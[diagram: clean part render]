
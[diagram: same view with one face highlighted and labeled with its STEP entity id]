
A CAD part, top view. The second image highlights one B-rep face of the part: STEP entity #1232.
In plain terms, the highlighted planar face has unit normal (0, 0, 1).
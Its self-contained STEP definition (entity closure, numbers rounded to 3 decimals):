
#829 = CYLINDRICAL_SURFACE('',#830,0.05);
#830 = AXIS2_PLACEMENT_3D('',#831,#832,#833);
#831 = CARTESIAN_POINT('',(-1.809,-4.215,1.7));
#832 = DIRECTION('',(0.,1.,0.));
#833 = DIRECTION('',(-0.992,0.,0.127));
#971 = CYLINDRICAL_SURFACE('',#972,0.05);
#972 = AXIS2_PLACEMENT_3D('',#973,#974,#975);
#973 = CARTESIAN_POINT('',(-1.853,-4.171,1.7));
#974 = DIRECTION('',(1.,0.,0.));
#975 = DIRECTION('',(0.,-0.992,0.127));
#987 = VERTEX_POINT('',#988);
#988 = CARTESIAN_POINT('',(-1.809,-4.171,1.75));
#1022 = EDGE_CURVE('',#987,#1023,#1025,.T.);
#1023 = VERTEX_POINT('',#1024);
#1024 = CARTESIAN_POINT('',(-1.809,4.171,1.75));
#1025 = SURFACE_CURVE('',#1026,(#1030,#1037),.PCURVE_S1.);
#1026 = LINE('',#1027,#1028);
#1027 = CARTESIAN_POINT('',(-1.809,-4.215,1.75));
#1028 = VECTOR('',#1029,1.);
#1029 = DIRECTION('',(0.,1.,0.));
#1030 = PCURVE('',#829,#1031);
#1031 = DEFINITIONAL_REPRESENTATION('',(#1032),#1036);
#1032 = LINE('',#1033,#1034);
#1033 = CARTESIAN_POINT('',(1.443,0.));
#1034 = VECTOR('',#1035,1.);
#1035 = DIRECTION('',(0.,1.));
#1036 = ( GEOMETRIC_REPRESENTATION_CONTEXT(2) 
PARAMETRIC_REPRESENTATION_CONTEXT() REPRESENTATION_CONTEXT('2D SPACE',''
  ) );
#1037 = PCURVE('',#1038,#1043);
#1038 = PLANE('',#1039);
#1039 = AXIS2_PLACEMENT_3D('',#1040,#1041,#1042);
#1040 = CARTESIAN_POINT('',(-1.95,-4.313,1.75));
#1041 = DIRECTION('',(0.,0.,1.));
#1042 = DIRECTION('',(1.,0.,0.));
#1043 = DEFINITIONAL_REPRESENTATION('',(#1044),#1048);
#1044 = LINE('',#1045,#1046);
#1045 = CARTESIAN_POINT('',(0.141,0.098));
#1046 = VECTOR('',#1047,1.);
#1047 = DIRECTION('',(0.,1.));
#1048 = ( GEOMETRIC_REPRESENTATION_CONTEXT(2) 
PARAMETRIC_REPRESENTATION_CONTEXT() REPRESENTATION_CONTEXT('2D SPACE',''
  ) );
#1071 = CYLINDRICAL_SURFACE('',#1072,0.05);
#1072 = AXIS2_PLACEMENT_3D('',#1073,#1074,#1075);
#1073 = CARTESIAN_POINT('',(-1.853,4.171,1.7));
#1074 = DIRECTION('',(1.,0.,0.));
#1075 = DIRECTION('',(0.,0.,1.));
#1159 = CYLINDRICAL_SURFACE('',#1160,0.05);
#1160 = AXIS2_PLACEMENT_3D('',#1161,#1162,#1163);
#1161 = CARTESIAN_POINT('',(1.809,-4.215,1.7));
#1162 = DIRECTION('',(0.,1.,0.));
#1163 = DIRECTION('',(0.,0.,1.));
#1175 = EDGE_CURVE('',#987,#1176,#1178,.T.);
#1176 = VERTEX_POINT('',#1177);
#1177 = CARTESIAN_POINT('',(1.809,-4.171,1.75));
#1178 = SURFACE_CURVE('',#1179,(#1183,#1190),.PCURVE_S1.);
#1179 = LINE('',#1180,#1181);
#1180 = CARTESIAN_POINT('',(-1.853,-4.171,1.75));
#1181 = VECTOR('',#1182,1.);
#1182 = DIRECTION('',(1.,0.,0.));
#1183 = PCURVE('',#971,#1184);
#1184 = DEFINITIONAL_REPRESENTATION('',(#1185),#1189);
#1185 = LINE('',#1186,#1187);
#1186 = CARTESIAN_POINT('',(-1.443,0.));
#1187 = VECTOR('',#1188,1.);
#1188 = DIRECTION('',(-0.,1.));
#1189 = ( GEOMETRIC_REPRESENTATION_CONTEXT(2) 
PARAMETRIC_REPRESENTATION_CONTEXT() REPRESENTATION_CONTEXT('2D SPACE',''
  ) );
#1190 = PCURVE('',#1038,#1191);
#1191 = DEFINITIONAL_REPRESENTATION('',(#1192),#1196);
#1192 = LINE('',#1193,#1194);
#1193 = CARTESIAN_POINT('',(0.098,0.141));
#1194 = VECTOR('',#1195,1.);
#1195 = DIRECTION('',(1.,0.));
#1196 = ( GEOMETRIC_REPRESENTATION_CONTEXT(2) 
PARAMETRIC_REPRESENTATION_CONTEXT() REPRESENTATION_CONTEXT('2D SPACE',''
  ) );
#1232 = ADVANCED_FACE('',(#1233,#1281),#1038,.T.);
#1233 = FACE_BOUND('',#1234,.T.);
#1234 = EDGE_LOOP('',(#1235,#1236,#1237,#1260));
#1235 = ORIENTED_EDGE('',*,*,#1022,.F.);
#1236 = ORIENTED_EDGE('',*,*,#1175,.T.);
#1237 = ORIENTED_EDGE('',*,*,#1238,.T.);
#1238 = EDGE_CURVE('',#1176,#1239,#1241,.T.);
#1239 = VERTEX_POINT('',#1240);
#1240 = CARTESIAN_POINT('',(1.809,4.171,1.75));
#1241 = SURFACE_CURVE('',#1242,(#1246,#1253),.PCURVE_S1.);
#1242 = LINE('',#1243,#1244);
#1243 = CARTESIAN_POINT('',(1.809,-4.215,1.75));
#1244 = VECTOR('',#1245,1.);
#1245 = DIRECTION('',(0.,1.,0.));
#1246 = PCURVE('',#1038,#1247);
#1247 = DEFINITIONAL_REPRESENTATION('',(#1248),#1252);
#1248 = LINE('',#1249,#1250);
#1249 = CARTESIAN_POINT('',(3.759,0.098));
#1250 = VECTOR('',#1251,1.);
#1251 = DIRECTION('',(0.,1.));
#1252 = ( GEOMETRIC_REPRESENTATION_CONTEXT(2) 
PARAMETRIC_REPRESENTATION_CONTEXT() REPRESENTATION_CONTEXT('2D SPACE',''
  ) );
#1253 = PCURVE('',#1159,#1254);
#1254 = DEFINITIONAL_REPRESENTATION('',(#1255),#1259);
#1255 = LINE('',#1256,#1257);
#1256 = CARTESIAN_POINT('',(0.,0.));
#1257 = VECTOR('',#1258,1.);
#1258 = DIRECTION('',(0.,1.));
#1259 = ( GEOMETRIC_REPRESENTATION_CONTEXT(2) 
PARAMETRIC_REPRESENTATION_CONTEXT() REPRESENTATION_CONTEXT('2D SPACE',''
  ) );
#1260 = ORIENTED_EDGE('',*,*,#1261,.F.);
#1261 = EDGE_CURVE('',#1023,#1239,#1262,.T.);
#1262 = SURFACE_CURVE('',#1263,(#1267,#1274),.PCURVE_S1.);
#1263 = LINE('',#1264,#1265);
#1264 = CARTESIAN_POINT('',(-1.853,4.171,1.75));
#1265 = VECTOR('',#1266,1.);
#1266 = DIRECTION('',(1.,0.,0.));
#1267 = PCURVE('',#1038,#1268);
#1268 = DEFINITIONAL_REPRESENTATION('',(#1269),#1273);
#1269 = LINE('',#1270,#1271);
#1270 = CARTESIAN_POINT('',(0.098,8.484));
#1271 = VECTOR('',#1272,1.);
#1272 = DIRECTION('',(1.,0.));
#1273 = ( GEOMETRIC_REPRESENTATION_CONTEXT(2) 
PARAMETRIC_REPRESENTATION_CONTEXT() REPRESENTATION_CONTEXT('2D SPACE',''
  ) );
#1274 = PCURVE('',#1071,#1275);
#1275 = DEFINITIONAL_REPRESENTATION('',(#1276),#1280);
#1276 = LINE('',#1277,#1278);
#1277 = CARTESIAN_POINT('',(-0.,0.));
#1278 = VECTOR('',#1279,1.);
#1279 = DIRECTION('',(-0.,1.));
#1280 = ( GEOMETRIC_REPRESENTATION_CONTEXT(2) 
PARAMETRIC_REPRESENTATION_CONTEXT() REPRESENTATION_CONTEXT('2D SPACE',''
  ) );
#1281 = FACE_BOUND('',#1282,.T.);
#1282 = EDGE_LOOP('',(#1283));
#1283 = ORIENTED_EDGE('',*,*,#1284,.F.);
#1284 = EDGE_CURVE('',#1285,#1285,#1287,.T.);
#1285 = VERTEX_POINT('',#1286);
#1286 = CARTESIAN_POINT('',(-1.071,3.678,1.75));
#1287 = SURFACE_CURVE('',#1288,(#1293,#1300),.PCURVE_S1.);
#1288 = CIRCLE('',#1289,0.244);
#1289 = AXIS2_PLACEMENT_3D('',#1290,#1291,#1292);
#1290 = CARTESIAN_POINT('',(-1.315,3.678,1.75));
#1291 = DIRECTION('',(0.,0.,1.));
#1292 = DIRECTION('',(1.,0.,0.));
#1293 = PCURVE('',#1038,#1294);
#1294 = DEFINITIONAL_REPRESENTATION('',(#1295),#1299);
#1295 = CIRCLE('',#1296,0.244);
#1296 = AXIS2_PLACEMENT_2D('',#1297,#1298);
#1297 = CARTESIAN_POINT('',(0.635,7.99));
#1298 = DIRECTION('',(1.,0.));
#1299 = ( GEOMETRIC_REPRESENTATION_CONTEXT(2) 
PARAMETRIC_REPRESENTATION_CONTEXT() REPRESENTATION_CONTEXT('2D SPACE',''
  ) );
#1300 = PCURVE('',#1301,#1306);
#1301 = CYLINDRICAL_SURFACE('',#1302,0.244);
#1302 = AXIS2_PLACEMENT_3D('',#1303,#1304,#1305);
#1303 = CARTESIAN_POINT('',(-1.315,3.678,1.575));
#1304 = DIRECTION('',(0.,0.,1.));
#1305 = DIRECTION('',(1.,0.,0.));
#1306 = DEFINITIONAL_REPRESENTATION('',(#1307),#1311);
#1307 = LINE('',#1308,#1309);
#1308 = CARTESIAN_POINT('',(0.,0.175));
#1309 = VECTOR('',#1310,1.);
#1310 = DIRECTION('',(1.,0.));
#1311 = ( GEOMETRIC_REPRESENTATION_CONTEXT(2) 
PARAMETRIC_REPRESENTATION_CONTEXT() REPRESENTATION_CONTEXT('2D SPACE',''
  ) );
——————
(INSTRUCTIONS TO FOLLOW):
Set down exactly the lines above that run from the start of the listing to the line with "#832 = DIRECTION('',(0.,1.,0.));". Leave out every later line.

(WRITTEN RESPONSE):
[diagram: clean part render]
[diagram: same view with one face highlighted and labeled with its STEP entity id]
A CAD part, top view. The second image highlights one B-rep face of the part: STEP entity #1232.
In plain terms, the highlighted planar face has unit normal (0, 0, 1).
Its self-contained STEP definition (entity closure, numbers rounded to 3 decimals):
#829 = CYLINDRICAL_SURFACE('',#830,0.05);
#830 = AXIS2_PLACEMENT_3D('',#831,#832,#833);
#831 = CARTESIAN_POINT('',(-1.809,-4.215,1.7));
#832 = DIRECTION('',(0.,1.,0.));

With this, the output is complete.